令和8年03月31日付

 先日、友人の引っ越しを手伝った▼最低限のものだけで暮らし、物を増やさないよう気をつけている人なので簡単に片付くかと思ったが、それでも詰めてみれば結構な大荷物だった▼「暮らすって物入りね」―映画『魔女の宅急便』の主人公が新生活を始めるに際してそうぼやくシーンがあるけれど、生活を営むって、1人でも本当におおごとなのだと実感した▼自分の場合、引っ越しの経験は多分それほど多くない▼最初は18歳で上京した時。そして約10年後に大船渡へ帰ってきた時。そこからわりとすぐ昔の小社だった建物へ移ったが、1年未満で被災。着の身着のまま実家に転がり込んだことを〝引っ越し〟に含めなければ…まあ、3回か▼その中で最も思い出深く、忘れ難いのはやはり、初めて1人暮らしを始めた時のことだ▼自分だけの皿、自分だけの本棚、自分だけの冷蔵庫と電子レンジ…何もかも自分のためだけにそろえてもらった興奮。

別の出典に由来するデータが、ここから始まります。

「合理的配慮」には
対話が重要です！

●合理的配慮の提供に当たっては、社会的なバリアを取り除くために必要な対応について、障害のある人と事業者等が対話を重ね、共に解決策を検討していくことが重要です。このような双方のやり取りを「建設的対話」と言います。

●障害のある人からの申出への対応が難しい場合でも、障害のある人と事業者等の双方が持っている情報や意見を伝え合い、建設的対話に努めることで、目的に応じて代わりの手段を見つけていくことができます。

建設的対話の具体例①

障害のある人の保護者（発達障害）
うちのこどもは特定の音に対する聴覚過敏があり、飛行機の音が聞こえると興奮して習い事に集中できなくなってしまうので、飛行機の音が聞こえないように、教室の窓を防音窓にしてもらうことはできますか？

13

同時に「暮らすって物入りね」と知り、親がかりで生きてきたことを初めて意識して、感謝したものだった▼1人暮らしは楽しさも寂しさもすべて自分のもの。苦い経験も失敗も、生きるかてになる―▼この季節の量販店に行くとよく出会う、単身生活を始めるらしき若者たちに対し心の中でそんなふうに余計なお世話を焼きながら、こっそりとエールを送っている。